Problem description:
Every entry must reappear in your answer exactly as written, though its pictures must not.

Information given:
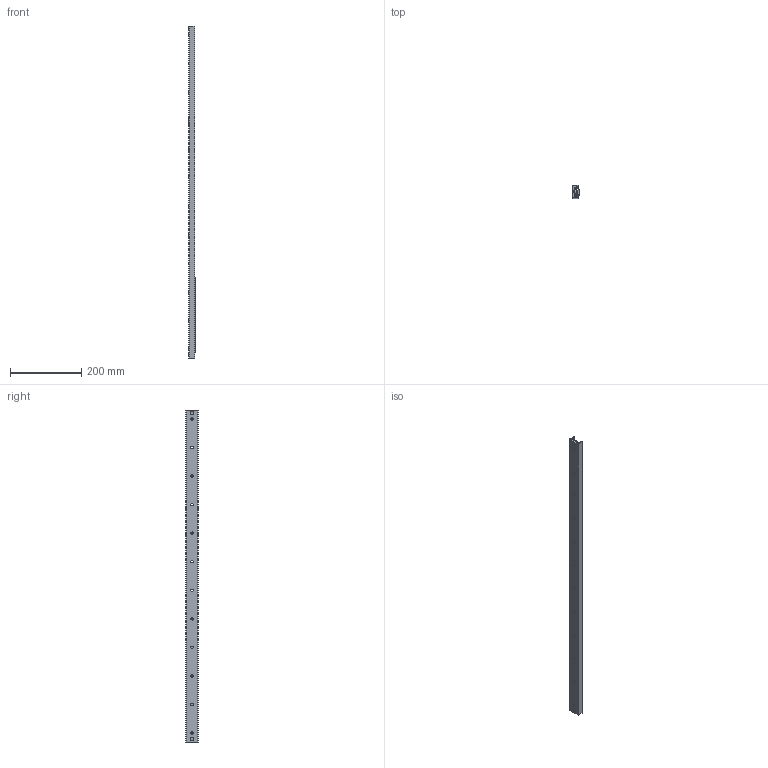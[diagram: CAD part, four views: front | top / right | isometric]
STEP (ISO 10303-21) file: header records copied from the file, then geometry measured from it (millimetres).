
FILE_DESCRIPTION((''),'2;1');
FILE_NAME('LCE 35-0930-0210.stp','2011-02-28T14:18:10',('MKoza'),(''),'Autodesk Inventor 2009','Autodesk Inventor 2009','');
FILE_SCHEMA(('AUTOMOTIVE_DESIGN { 1 0 10303 214 1 1 1 1 }'));
Length unit declared in the file: millimetre
Products named in the file (5): LCE 35; LLO 35; KF.LCE 35; + SC M10x0,75x3,2
Assembly tree (5 placements, depth 2):
  LCE 35
    LCE 35
    LLO 35
    KF.LCE 35
    + SC M10x0,75x3,2  x2
Bounding box: 17 x 35 x 930 mm (x, y, z)
Volume: 259666.2 mm3; surface area: 178407 mm2
Topology: 5 solids, 5 shells, 152 faces, 410 edges, 270 vertices
Faces by surface type: plane 67, cylinder 39, bspline 38, torus 6, cone 2
Full cylindrical faces by diameter (mm): 10 x2, 12 x2
Entity records: 4955 total; most frequent: CARTESIAN_POINT 1431, DIRECTION 684, ORIENTED_EDGE 664, EDGE_CURVE 332, AXIS2_PLACEMENT_3D 249, VERTEX_POINT 244, EDGE_LOOP 228, VECTOR 186

Solution for this exercise:
[diagram: CAD part, four views: front | top / right | isometric]
STEP (ISO 10303-21) file: header records copied from the file, then geometry measured from it (millimetres).
FILE_DESCRIPTION((''),'2;1');
FILE_NAME('LCE 35-0930-0210.stp','2011-02-28T14:18:10',('MKoza'),(''),'Autodesk Inventor 2009','Autodesk Inventor 2009','');
FILE_SCHEMA(('AUTOMOTIVE_DESIGN { 1 0 10303 214 1 1 1 1 }'));
Length unit declared in the file: millimetre
Products named in the file (5): LCE 35; LLO 35; KF.LCE 35; + SC M10x0,75x3,2
Assembly tree (5 placements, depth 2):
  LCE 35
    LCE 35
    LLO 35
    KF.LCE 35
    + SC M10x0,75x3,2  x2
Bounding box: 17 x 35 x 930 mm (x, y, z)
Volume: 259666.2 mm3; surface area: 178407 mm2
Topology: 5 solids, 5 shells, 152 faces, 410 edges, 270 vertices
Faces by surface type: plane 67, cylinder 39, bspline 38, torus 6, cone 2
Full cylindrical faces by diameter (mm): 10 x2, 12 x2
Entity records: 4955 total; most frequent: CARTESIAN_POINT 1431, DIRECTION 684, ORIENTED_EDGE 664, EDGE_CURVE 332, AXIS2_PLACEMENT_3D 249, VERTEX_POINT 244, EDGE_LOOP 228, VECTOR 186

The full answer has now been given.